> REQUIRED WORK: Bring back every record exactly, except for the pictures, which stay out.
◇ ◇ ◇ ◇
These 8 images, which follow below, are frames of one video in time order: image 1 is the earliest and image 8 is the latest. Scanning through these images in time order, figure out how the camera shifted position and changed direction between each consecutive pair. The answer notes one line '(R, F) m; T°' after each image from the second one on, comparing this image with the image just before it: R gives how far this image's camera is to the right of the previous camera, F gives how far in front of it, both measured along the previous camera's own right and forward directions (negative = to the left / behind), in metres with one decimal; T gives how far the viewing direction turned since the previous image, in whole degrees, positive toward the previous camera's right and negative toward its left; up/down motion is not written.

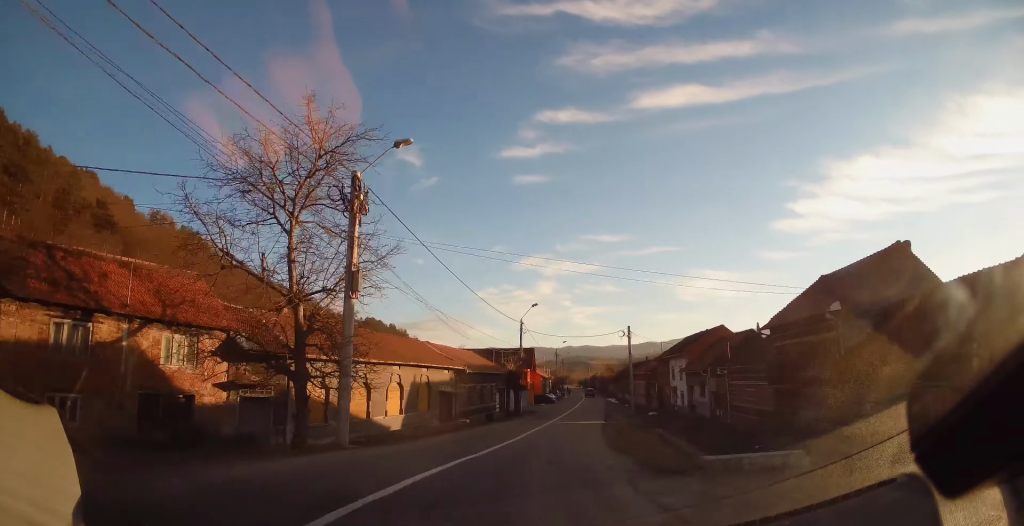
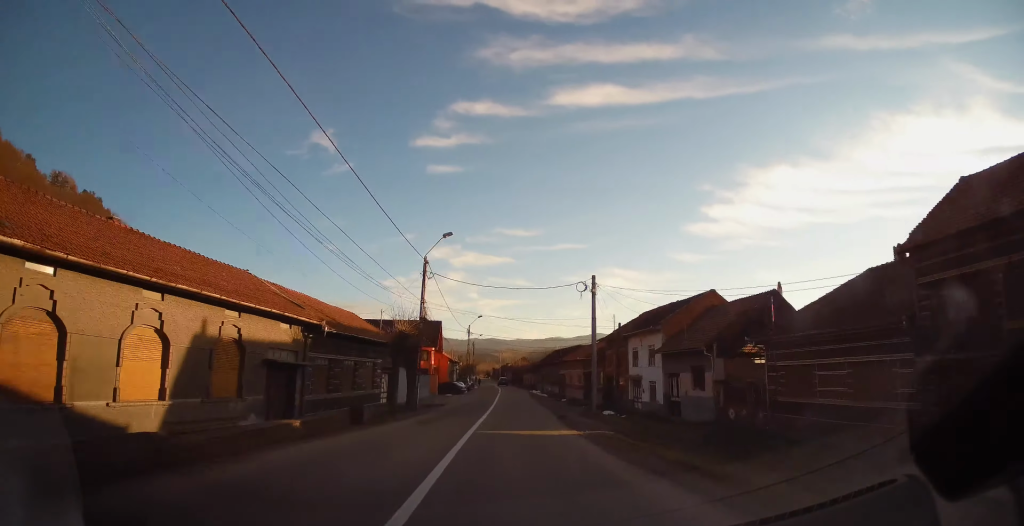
(+1.5, +19.0) m; +6°
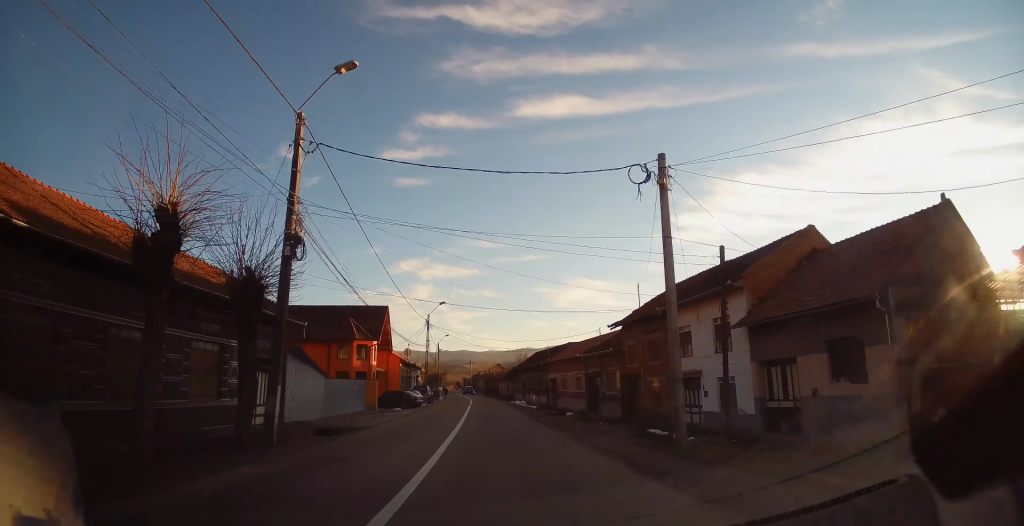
(+0.6, +17.7) m; +2°
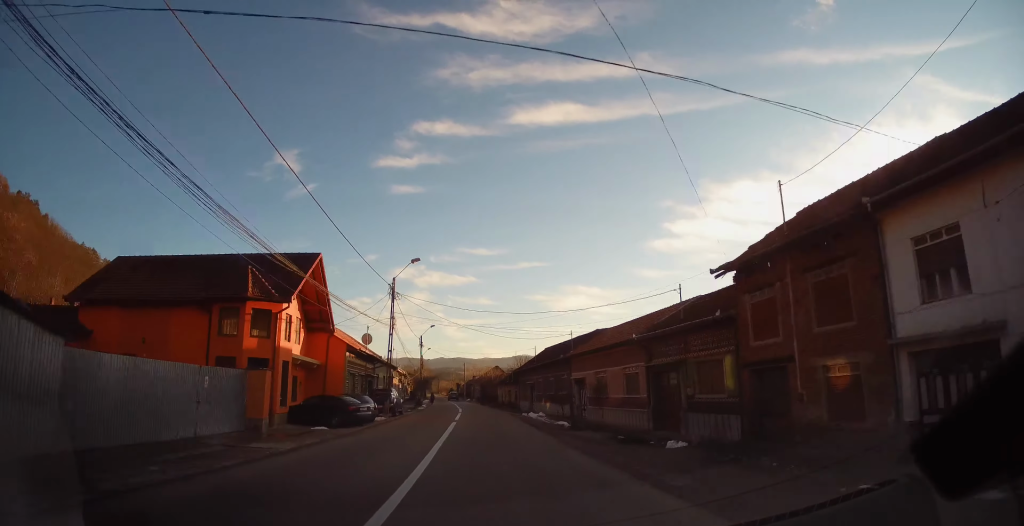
(0.0, +18.4) m; 0°
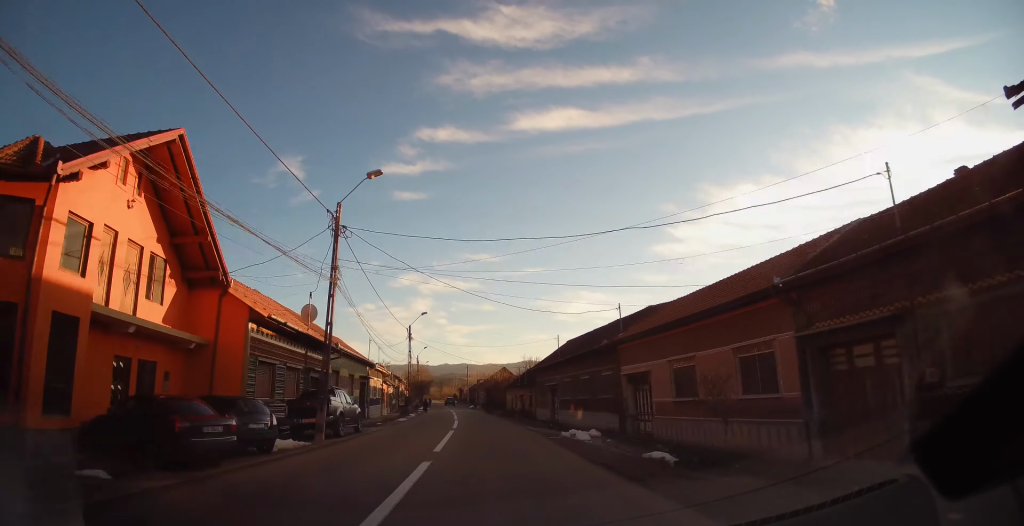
(0.0, +14.0) m; -1°
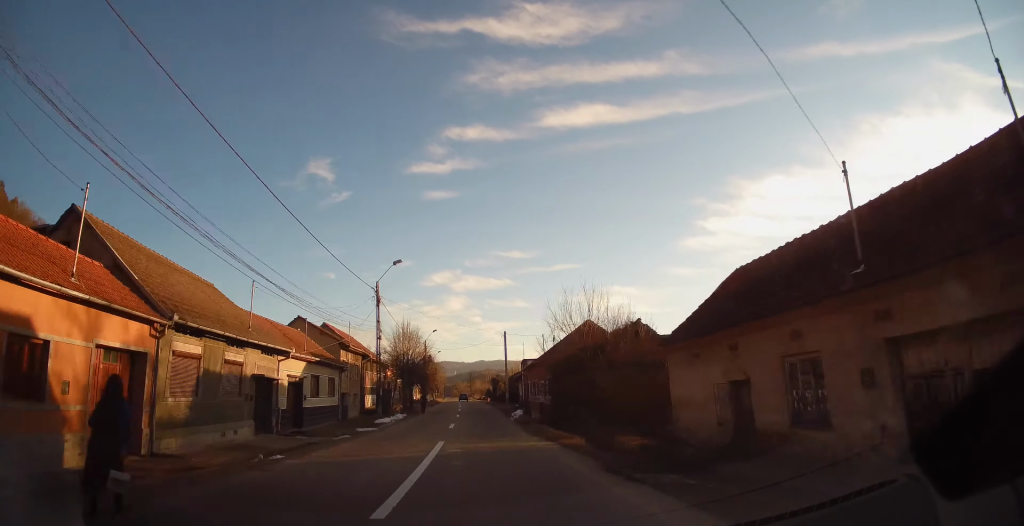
(-1.9, +52.5) m; -3°
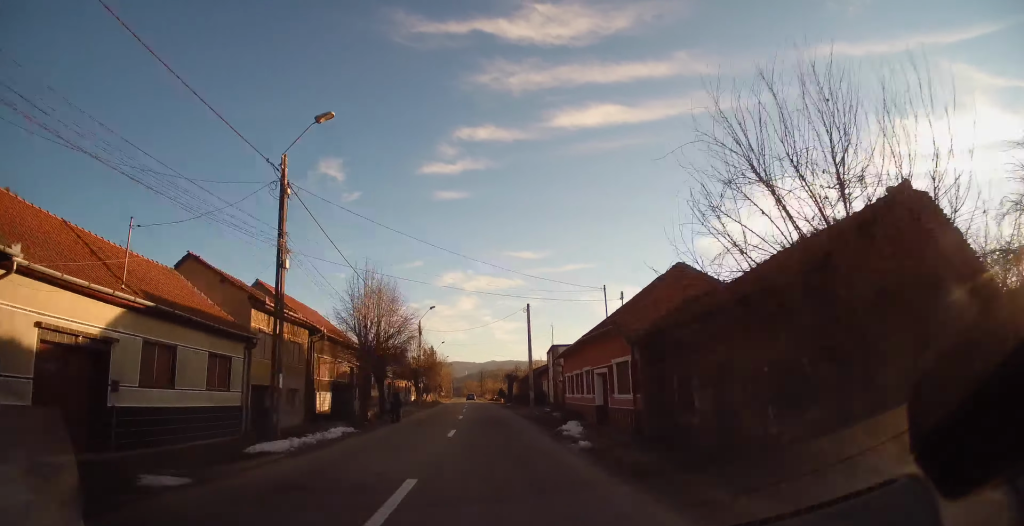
(0.0, +18.0) m; -1°
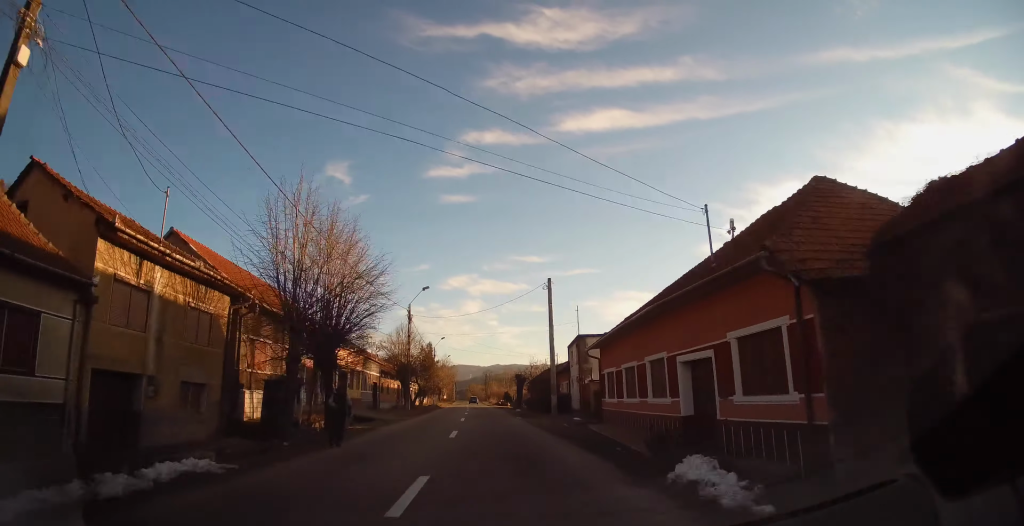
(-0.2, +10.9) m; 0°
◇ ◇ ◇ ◇
> EXPECTED OUTPUT:
These 8 images, which follow below, are frames of one video in time order: image 1 is the earliest and image 8 is the latest. Scanning through these images in time order, figure out how the camera shifted position and changed direction between each consecutive pair. The answer notes one line '(R, F) m; T°' after each image from the second one on, comparing this image with the image just before it: R gives how far this image's camera is to the right of the previous camera, F gives how far in front of it, both measured along the previous camera's own right and forward directions (negative = to the left / behind), in metres with one decimal; T gives how far the viewing direction turned since the previous image, in whole degrees, positive toward the previous camera's right and negative toward its left; up/down motion is not written.

(+1.5, +19.0) m; +6°
(+0.6, +17.7) m; +2°
(0.0, +18.4) m; 0°
(0.0, +14.0) m; -1°
(-1.9, +52.5) m; -3°
(0.0, +18.0) m; -1°
(-0.2, +10.9) m; 0°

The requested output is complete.